Assignment — Scan the lines below for the string "text" and copy every one that has it.

START Provided information

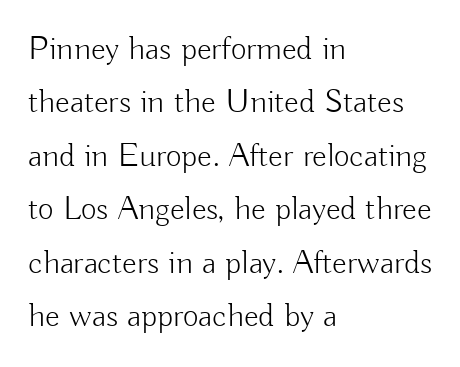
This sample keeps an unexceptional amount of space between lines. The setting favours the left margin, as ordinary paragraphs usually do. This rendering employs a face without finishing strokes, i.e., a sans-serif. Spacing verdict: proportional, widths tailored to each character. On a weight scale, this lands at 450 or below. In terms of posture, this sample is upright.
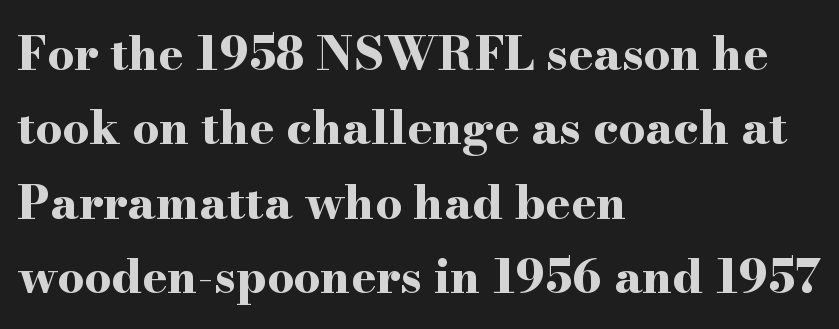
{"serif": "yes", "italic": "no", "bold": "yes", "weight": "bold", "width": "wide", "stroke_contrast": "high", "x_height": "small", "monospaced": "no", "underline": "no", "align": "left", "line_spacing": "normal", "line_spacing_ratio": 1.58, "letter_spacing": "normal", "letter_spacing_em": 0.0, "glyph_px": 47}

END Provided information
START Provided information

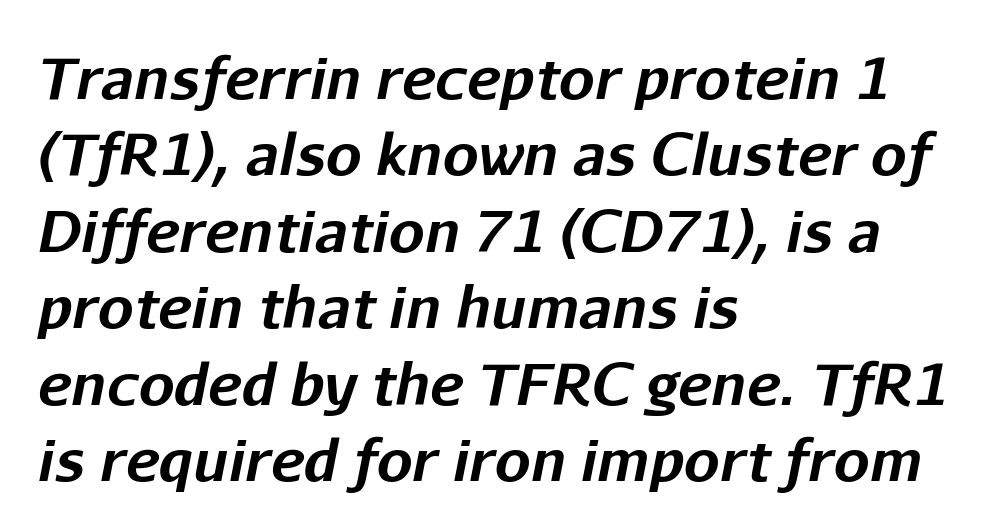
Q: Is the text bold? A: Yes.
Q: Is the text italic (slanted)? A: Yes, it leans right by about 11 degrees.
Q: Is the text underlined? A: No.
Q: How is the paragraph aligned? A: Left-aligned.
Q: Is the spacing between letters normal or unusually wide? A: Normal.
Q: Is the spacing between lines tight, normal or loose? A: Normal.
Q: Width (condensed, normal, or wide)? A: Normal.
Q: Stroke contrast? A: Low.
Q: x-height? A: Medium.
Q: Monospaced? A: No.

END Provided information

Exercise result —
Q: Is the text bold? A: Yes.
Q: Is the text italic (slanted)? A: Yes, it leans right by about 11 degrees.
Q: Is the text underlined? A: No.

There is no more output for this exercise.